Teori nilai uang dibagi menjadi 3 yaitu :

a.   Teori Barang
  • Teori logam (katalistik) menyatakan bahwa uang diterima masyarakat karena bahannya dibuat dari logam yang bernilai tinggi. Teori ini dipelopori oleh Adam Smith.
  • Teori nilai batas menyatakan bahwa uang diterima masyarakat karena adanya keperluan masyarakat akan barang dan adanya kepercayaan terhadap uang.

b. Teori Nominalisme
  1. Teori perjanjian (konvensi), yaitu uang diterima oleh masyarakat karena adanya perjanjian untuk memakai suatu benda dalam pertukaran. Pelopor teori ini adalah Thomas Aquinas.
  2. Teori kebiasaan, yaitu uang diterima oleh masyarakat karena kebiasaan masyarakat menggunakan benda tertentu dalam pertukaran.
  3. Teori kenegaraan, yaitu uang diterima oleh masyarakat karena adanya ketetapan dari pemerintah dalam pertukaran.
  4. Teori tuntutan (klaim), yaitu uang diterima oleh masyarakat karena ada tuntutan terhadap barang-barang yang dihasilkan masyarakat. Pelopor teori ini adalah J. S. Mill.
  5. Teori realisme (fungsi), yaitu uang diterima oleh masyarakat karena adanya penilaian terhadap uang yang dapat memudahkan pertukaran. Pelopor teori ini adalah David Hume.

c. Teori Internal
    Teori ini didasarkan pada kemampuan uang untuk ditukarkan dengan sejumlah barang/jasa tertentu. Dalam ekonomi moneter teori ini disebut juga Teori permintaan uang. Teori internal ini meliputi :
  • Teori kuantitas  (quantity theory) : menyatakan bahwa nilai uang tergantung pada jumlah uang yang beredar dalam masyarakat. Semakin banyak uang yang beredar semakin tinggi harga barang, dan sebaliknya. Hal tersebut dapat dirumuskan secara matematis sebagai berikut :
M= k. P
Keterangan:
M (money)       = Jumlah uang yang beredar
k (konstanta)    = Perbandingan konstan
P (price)           = Harga barang

  • Teori transaksi (exchange equation) : Teori ini dipelopori oleh Irving Fisher yang berpendapat bahwa nilai uang tergantung pada jumlah uang yang beredar, kecepatan uang beredar (berpindah tangan), dan jumlah barang yang diperdagangkan.

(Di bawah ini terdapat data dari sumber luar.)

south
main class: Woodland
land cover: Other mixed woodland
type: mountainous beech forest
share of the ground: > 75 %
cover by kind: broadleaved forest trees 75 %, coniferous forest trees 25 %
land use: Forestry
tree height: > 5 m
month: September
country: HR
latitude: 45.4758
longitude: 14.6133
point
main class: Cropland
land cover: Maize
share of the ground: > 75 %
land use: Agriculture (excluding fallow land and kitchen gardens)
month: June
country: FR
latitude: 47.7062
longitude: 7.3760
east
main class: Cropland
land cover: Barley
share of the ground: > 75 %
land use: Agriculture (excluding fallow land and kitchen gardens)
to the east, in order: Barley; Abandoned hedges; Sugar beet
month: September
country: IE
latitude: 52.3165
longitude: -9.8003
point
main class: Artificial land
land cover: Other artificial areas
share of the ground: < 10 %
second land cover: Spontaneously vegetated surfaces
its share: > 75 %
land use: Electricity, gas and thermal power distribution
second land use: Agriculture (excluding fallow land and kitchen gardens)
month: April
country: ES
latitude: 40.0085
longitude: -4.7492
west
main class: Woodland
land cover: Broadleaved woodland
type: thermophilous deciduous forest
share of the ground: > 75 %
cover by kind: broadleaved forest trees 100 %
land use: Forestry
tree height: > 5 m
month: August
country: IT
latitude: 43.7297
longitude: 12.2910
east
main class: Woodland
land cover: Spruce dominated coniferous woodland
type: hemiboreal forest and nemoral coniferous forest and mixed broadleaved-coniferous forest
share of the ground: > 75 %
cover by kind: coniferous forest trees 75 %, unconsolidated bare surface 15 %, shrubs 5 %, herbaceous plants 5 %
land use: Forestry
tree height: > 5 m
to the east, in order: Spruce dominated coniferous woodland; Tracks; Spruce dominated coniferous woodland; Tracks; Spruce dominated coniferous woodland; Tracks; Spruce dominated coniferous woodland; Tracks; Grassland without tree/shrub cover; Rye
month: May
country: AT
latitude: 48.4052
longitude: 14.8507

Secara matematis dapat dirumuskan sebagai berikut :
M . V = P . T
Keterangan:
M (money)                                        = Jumlah uang yang beredar
V (velocit of circulation)                  = Kecepatan peredaran uang
P (price)                                             = Harga barang
T (transaction of goods)                    = Jumlah barang yang diperdagangkan

  • Teori persediaan kas (cash balance theory) : Teori ini dikemukakan oleh Alfred Marshall yang menyatakan bahwa nilai uang tergantung pada jumlah uang yang disimpan untuk persediaan kas dari sebagian pendapatan masyarakat. Persediaan kas tergantung pada jumlah pendapatan dan tingkat suku bunga di pasar. Secara matematis dapat dirumuskan sebagai berikut.
M = k . P . Y
Keterangan:
M (money)          = Jumlah uang yang beredar
k (koefisien)       = Jumlah uang untuk persediaan kas
P (price)               = Harga barang
Y (income)          = Pendapatan

Pengertian Pasar Uang (Money Market) : adalah pasar dengan instrumen financial jangka pendek, umumnya yang diperjualbelikan berkualitas tinggi. Jangka waktu instrumen pasar uang biasanya jatuh tempo dalam waktu satu tahun atau kurang. Pasar uang sering juga disebut pasar kredit jangka pendek.